This is an old revision of the document!
Background
This is definitely a big topic, I sticked around the topic for nearly a month trying to figure out an easy and straight way for future ICG trainees. Although there are some online tools available, such as Treemmer written in python (2018); TreeTrimmer(2013) written in ruby; Laura Eme (2012-14) written in Perl, the pros and cons of them are obvious. As (Menardo et.al 2018) who developed Treemmer summarized:
- Tree pruner is a tool to manually select and prune leaves/branches from a phylogenetic tree. Tree pruner can be very useful for manual curation, however it is not an automatic method, and it relies on subjective decisions by the users.
- Treetrimmer automatically reduces the number of leaves in a tree to few representatives for each user-defined operational taxonomical unit (OTU), like genus or species. However it is based on user-defined OTU.
- Treemmer, a simple tool based on an iterative algorithm to reduce size and evaluate redundancy of phylogenetic datasets. However, it is not related to hierarchical taxonomic terms, because he thought taxonomic categories are only a very rough proxy for genetic diversity. (The third one is what I added)
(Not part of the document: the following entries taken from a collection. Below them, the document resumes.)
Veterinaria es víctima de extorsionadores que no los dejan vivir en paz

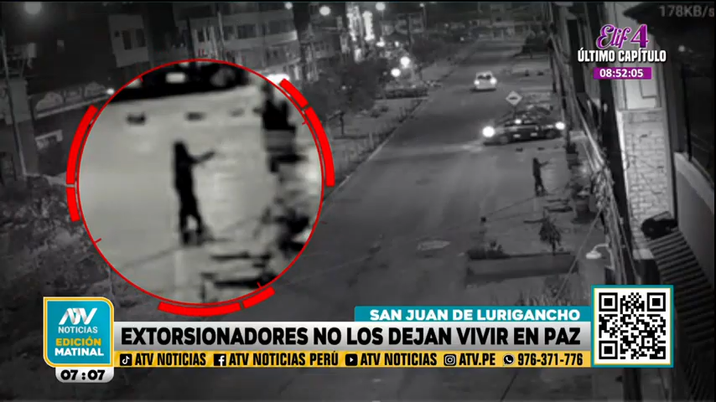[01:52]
Una situación similar viven los dueños de este minimarket, atacado por sus verdugos la madrugada de este martes. Observa a este hombre merodeando la puerta del local. El delincuente lanza algo por debajo de la puerta, para luego disparar tres veces al negocio y salir huyendo con su cómplice. El objeto que arrojaron era una carta con un claro mensaje. Quien te habla es la batería de Locoroni.
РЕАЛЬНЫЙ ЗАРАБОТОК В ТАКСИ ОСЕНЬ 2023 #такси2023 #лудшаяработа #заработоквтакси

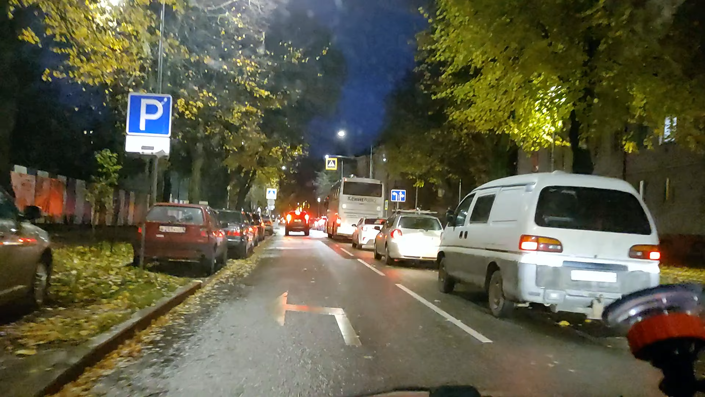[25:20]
Помчали Работать Вот смотрите Вот я еду По Павлика Морозова Да Собственно говоря Мне короче Залетает заказ
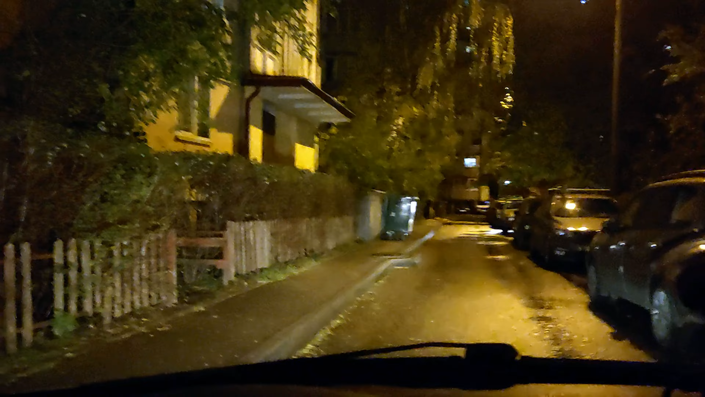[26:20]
тот Подъезд Вон дальний Получается Вот сейчас Машина Если какая-то Поедет Я создам Пробку Я сейчас Спрячусь Будет звонить Искать

- SHOOT.bio a single gene family tree. Shoot only offers a range of curated databases. Because they believe: the motivation for encouraging the use of curated databases over defaulting to the BLAST nr database is that these curated databases should make it easier to picture the evolution of the whole gene family rather than overwhelming the tree with thousands of near-identical hits.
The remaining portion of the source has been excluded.